Last friday, I picked up my first order of bees. The packages came out of Georgia and looked healthy with very few bees dead during shipment. My problem; when I started to install, I quickly found out the packages were substantially short on bees. To make sure I get a good split, I remove the syrup can and queen cage. I replace the cover so no bees escaped. I carefully weighed the packages with a digital scale, tared to zero, and dumped the bees, hoping to install close to 2 pounds in a hive body. When I dumped approximately 2/3 of the bees into my first colony and weighed the cage, I had only dumped 1 1/2 pounds of bees. After dumping all of the bees from this cage, it totaled only 2.1 pounds bees in that package. After measuring all of my packages I quickly found that these packages were drastically under weight. In fact my average for 15 packages that we weighed, was 2.29 pounds of bees per package. The packages ranged from a high of 2.7 pounds to a low of 1.95 pounds. This whole shipment of bees was almost 25% under weight. Obviously, I did not make these splits as I intended.
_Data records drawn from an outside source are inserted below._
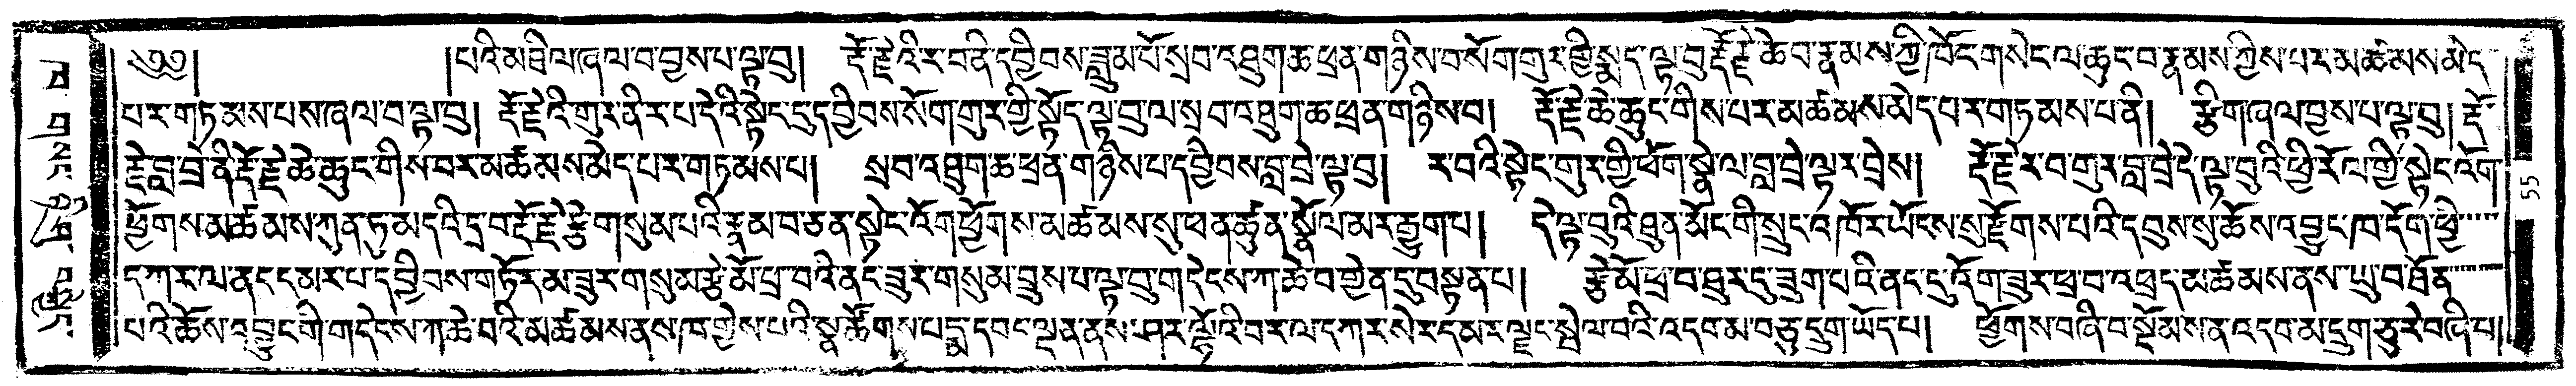༄༅། །པའི་མཐིལ་ཞལ་བ་བྱས་པ་ལྟ་བུ། རྡོ་རྗེའི་ར་བ་ནི་དབྱིབས་ཟླུམ་པོ་སྲབ་འཐུག་ཆ་ཕྲན་གཉིས་བསོག་གུར་གྱི་སྨད་ལྟ་བུ་རྡོ་རྗེ་ཆེ་བ་རྣམས་ཀྱི་ཁོང་གསེང་ལ་ཆུང་བ་རྣམས་ཀྱིས་བར་མཚམས་མེད་
པར་གཏམས་པས་ཞལ་བལྟ་བུ། རྡོ་རྗེའི་གུར་ནི་ར་པ་དེའི་སྟེང་དུ་དབྱིབས་སོག་གུར་གྱི་སྟོད་ལྟ་བུ་ལ་སྲབ་འཐུག་ཆ་ཕྲན་གཉིས་བ། རྡོ་རྗེ་ཆེ་ཆུང་གིས་པར་མཚམས་མེད་བར་གཏམས་པ་ནི། རྩིག་ཞལ་བྱས་པ་ལྟ་བུ། རྡོ་
རྗེ་བླ་བྲེ་ནི་རྡོ་རྗེ་ཆེ་ཆུང་གིས་བར་མཚམས་མེད་པར་གཏམས་པ། སྲབ་འཐུག་ཆ་ཕྲན་གཉིས་པ་དབྱིབས་བླ་བྲེ་ལྟ་བུ། ར་བའི་སྟེང་གུར་གྱི་ཕོག་སྣེ་ལ་བླ་བྲེ་ལྟར་བྲེས། རྡོ་རྗེ་ར་བ་གུར་བླ་བྲེ་དེ་ལྟ་བུའི་ཕྱི་རོལ་གྱི་སྟེང་འོག་
ཕྱོགས་མཚམས་ཀུན་ཏུ་མདའི་དྲ་བ་རྡོ་རྗེ་རྩེ་གསུམ་པའི་རྣམ་བ་ཅན་སྟེང་འོག་ཕྱོགས་མཚམས་སུ་ཕན་ཚུན་སྣོལ་མར་རྒྱུག་པ། དེ་ལྟ་བུའི་ཐུན་མོང་གི་སྲུང་འཁོར་ཡོངས་སུ་རྫོགས་པའི་དབུས་སུ་ཆོས་འབྱུང་ཁ་དོག་ཕྱི་
དཀར་ལ་ནང་དམར་བ་དབྱིབས་གཏོར་མ་ཟུར་གསུམ་རྩེ་མོ་ཕྲ་བའི་ནང་ཟུར་གསུམ་བྲུས་པ་ལྟ་བུ་གདེངས་ཀ་ཆེ་བ་གྱེན་དུ་བསྟན་པ། རྩེ་མོ་ཕྲ་བ་ཐུར་དུ་ཟུག་པའི་ནང་དུ་འོག་ཟུར་ཕྲ་བ་འཕྲད་མཚམས་ནས་ཡུ་བ་ཐོན་
པའི་ཆོས་འབྱུང་གི་གདེངས་ཀ་ཆེ་བའི་མཚམས་ནས་ཁ་གྱེས་པའི་སྣ་ཚོགས་པདམ་དབང་ལྡན་ནས་ཤར་ལྷོའི་བར་ལ་དཀར་སེར་དམར་ལྗང་སྤེལ་བའི་འདབ་མ་བཅུ་དྲུག་ཡོད་པ། ཕྱོགས་བཞི་པ་སྡོམས་ན་འདབ་མ་དྲུག་ཅུ་རེ་བཞི་པ།
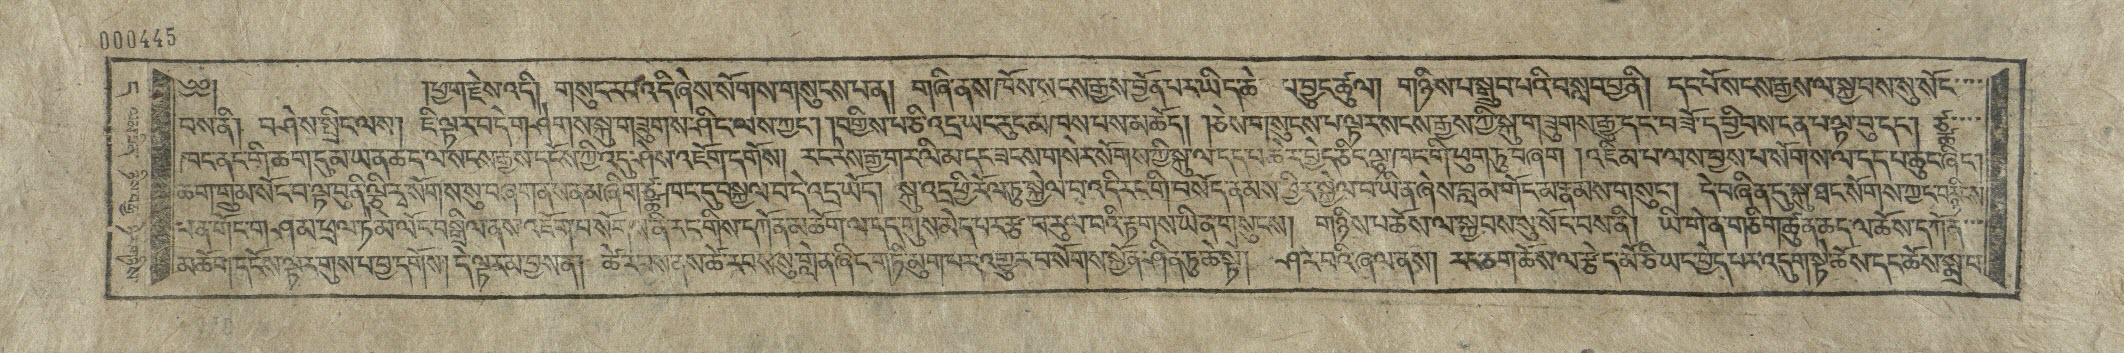༄༅། །ཕྱག་རྗེས་འདི། གསུང་རབ་འདི་ཞེས་སོགས་གསུངས་པ་ན། གཞི་ནས་ཁོས་སངས་རྒྱས་བྱོན་པར་ཡིད་ཆེས་པ་བྱུང་ཚུལ། གཉིས་པ་སྒྲུབ་པའི་བསླབ་བྱ་ནི། དང་པོ་སངས་རྒྱས་ལ་སྐྱབས་སུ་སོང་
བས་ནི། བཤེས་སྤྲིང་ལས། ཇི་ལྟར་བདེ་གཤེགས་སྐུ་གཟུགས་ཤིང་ལས་ཀྱང་། །བགྱིས་པ་ཅི་འདྲ་ཡང་རུང་མཁས་པས་མཆོད། །ཅེས་གསུངས་པ་ལྟར་སངས་རྒྱས་ཀྱི་སྐུ་གཟུགས་རྒྱུ་དང་བཟོ་དབྱིབས་ངན་པ་ལྟ་བུ་དང་། ཙྪ་
ཁང་ནང་གི་ཆག་དུམ་ཡན་ཆད་ལ་སངས་རྒྱས་དངོས་ཀྱི་འདུ་ཤེས་འཇོག་དགོས། རང་རེས་རྒྱ་གར་ལི་མ་དང་ཟངས་གསེར་སོགས་ཀྱི་སྐུ་ལ་དད་པ་ཆེར་བྱེད་ཅིང་ལྷ་ཁང་གི་ཕུག་ཏུ་བཞག །འཇིམ་པ་ལས་བྱས་པ་སོགས་ལ་དད་པ་ཆུང་ཞིང་།
ཆག་གྲུམ་སོང་བ་ལྟ་བུ་ནི་ལྕི་རྭ་སོགས་སུ་བཞག་ནས་ནམ་ཞིག་ཙྪ་ཁང་དུ་བསྐྱལ་བ་དེ་འདྲ་ཡོད། སྐུ་འདྲ་ཕྱི་རོལ་ཏུ་སྐྱེལ་བ་འདི་རང་གི་བསོད་ནམས་ཕྱིར་སྐྱེལ་བ་ཡིན་ཞེས་བླ་མ་གོང་མ་རྣམས་གསུང་། དེ་བཞིན་དུ་སྐུ་ཐང་སོགས་ཀྱང་བརྙིངས་
པ་ན་གོང་གཤམ་ཕྲལ་ཏེ་མེ་ལོང་བསྒྲིལ་ནས་འཇོག་པ་སོགས་ནི་རང་གིས་དཀོན་མཆོག་ལ་དད་གུས་མེད་པར་རྩ་བ་རུལ་བའི་རྟགས་ཡིན་གསུངས། གཉིས་པ་ཆོས་ལ་སྐྱབས་སུ་སོང་བས་ནི། ཡི་གེ་ན་གཅིག་ཚུན་ཆད་ལ་ཆོས་དཀོན་
མཆོག་དངོས་ལྟར་གུས་པ་བྱ་དགོས། དེ་ལྟར་མ་བྱས་ན། ཚེ་རབས་ནས་ཚེ་རབས་སུ་གླེན་ཞིང་གཏི་མུག་པར་འགྱུར་བ་སོགས་སྐྱོན་ཤིན་ཏུ་ཆེ་སྟེ། ཤར་བའི་ཞལ་ནས། རང་ཅག་ཆོས་ལ་རྩེད་མོ་ཅི་ཡང་བྱེད་པར་འདུག་སྟེ་ཆོས་དང་ཆོས་སྨྲ་བ་

Sunday, I was able to contact my supplier, who blamed the packager, who blamed the carrier. I am still dizzy from the run around. As I told my supplier, Krispy Cremes are really great donuts, but no matter how good they are, when I buy a dozen I don't want to open the box and find only 9 donuts. Should we as the ultimate consumers of package bees accept a product that is advertised as a 3# package, accept something substantially less? Would a consumer continue to buy from us if our honey jar said 2 pounds of honey and in actuallity it weighed 1 1/2 pounds? If I do not get any satisfaction, I will post in the future the parties involved.

My question is; How good are the packages that you have bought this year? Are they healthy and upto weight?

PS this saturday I am scheduled to pickup 18 packages from a different supplier and Georgia packager. I will let you know how these bees measure up.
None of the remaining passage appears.